土地活用を一つに決める前に複数案を比較したい方はこちら。



▪️トランクルーム投資に向かないと分かったら、それも調査の成果


需要を調べた結果、

競合が多い。

法的条件が合わない。

造成費が高い。

必要な料金では利用者が集まりにくい。

出口が弱い。

と分かることがあります。

この場合、

「せっかく調べたのに投資できなかった」

と考える必要はありません。

大きなお金を使う前に、成立しにくい計画を止められたこと自体が成果です。

投資では、始める判断だけが正解ではありません。

条件が合わなければ、

今回は見送る。

別の土地を探す。

駐車場と比較する。

土地を売却する。

という判断もできます。

不動産投資そのものを含め、複数の選択肢を比較したい方はこちら。



▪️まとめ|トランクルーム投資は「置いてから考える」とリスクが大きくなる


トランクルーム投資のリスクは、単純に「空室が怖い」という話ではありません。

投資前から、

法的に設置できるか。

事業形態はどうするか。

需要はあるか。

総投資額はいくらか。

何室契約されれば資金が回るか。

管理をどうするか。

最後に撤退できるか。

まで確認します。

特にコンテナ型の場合、

コンテナだから自由に設置できる

と考えないことが重要です。

継続的に倉庫として使用し、随時かつ任意に移動できないコンテナは、一般に建築基準法上の建築物に該当します。(国土交通省)

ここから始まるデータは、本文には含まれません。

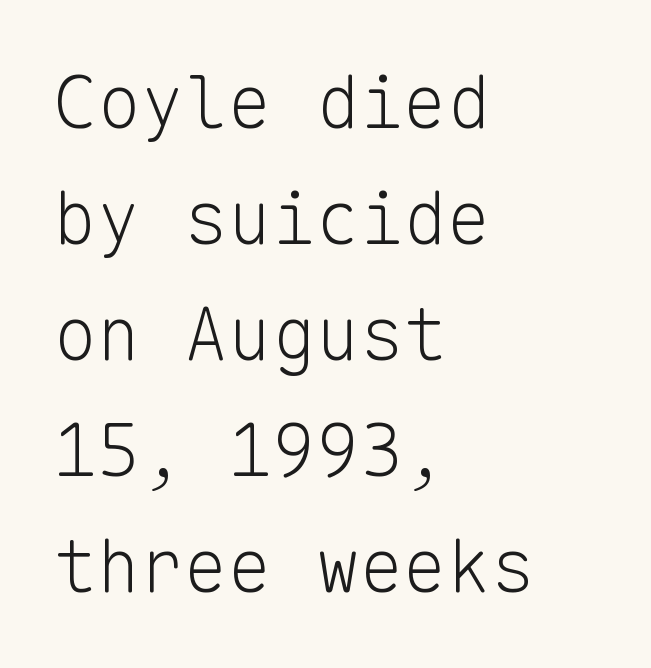
Is this a fixed-width face? Yes — each glyph sits in an identical cell. Rendered with straight, roman letterforms. These lines sit exactly where default settings would place them. The strip under each line holds only bare page. Nothing sits at the stroke ends, so this counts as sans-serif. The weight tops out at a normal text grade.
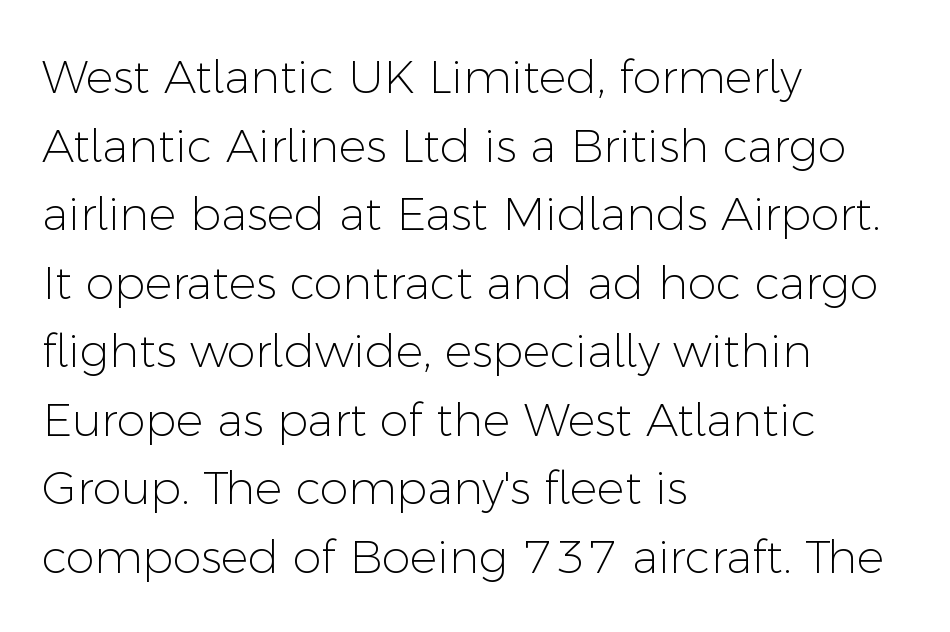
The image shows 46 px light sans-serif type, upright; set left-aligned, normal line spacing (1.49x), normal letter spacing, not underlined; low stroke contrast and a medium x-height.
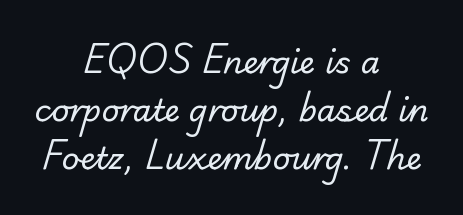
{"serif": "yes", "bold": "no", "weight": "regular", "width": "normal", "stroke_contrast": "low", "x_height": "small", "monospaced": "no", "underline": "no", "align": "center", "line_spacing": "normal", "line_spacing_ratio": 1.55, "letter_spacing": "normal", "letter_spacing_em": 0.0, "glyph_px": 31}
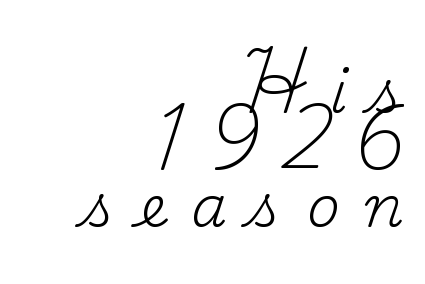
The image shows 57 px regular-weight serif type; set right-aligned, tight line spacing (1.0x), unusually wide letter spacing (+0.43 em), not underlined; low stroke contrast and a small x-height.
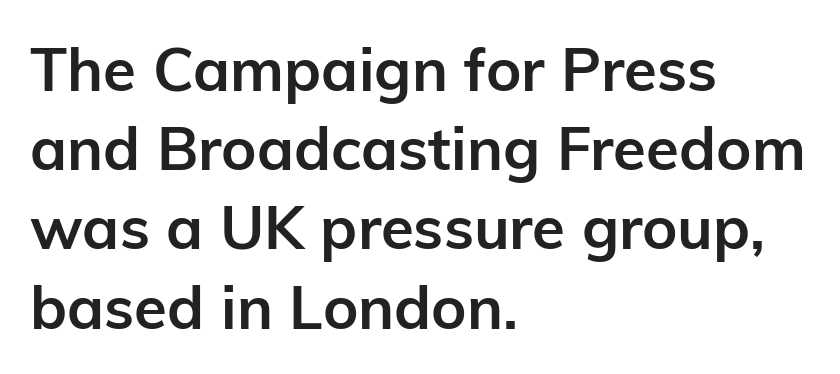
The image shows 60 px semibold sans-serif type, upright; set left-aligned, normal line spacing (1.32x), normal letter spacing, not underlined; low stroke contrast and a medium x-height.
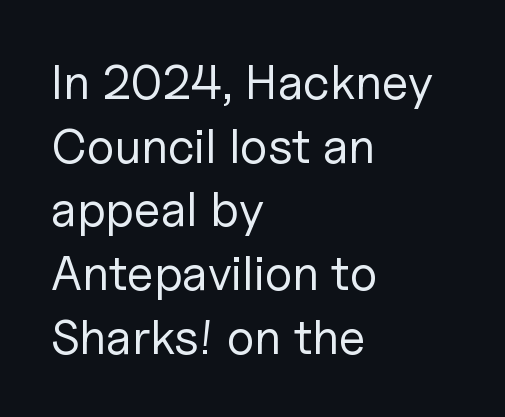
No feet cap the strokes, marking this as sans-serif type. In terms of leading, this rendering sits right in the middle. Glyph-to-glyph distance matches everyday printed text. The text block is weighted toward the left margin, trailing off unevenly rightward.

また「トランクルーム」という名称だけでは、倉庫業者が物品を預かるサービスなのか、収納スペースを貸すサービスなのかも分かれます。(国土交通省運輸局)

だから最初に設備を買うのではありません。

法的条件 → 需要 → 総投資額 → 収支 → 運営 → 出口。

この順番で確認します。

トランクルーム投資は、条件の合う土地なら活用方法の一つになります。

しかし、

「アパートより安そう」

「管理が楽そう」

「空いている土地がある」

という理由だけで始めるものでもありません。

始められる土地か。


使ってもらえる施設か。


投資額を回収できるか。


最後にやめられるか。

この4つに答えられる状態を作ってから投資することが、失敗を減らす一番の基本です。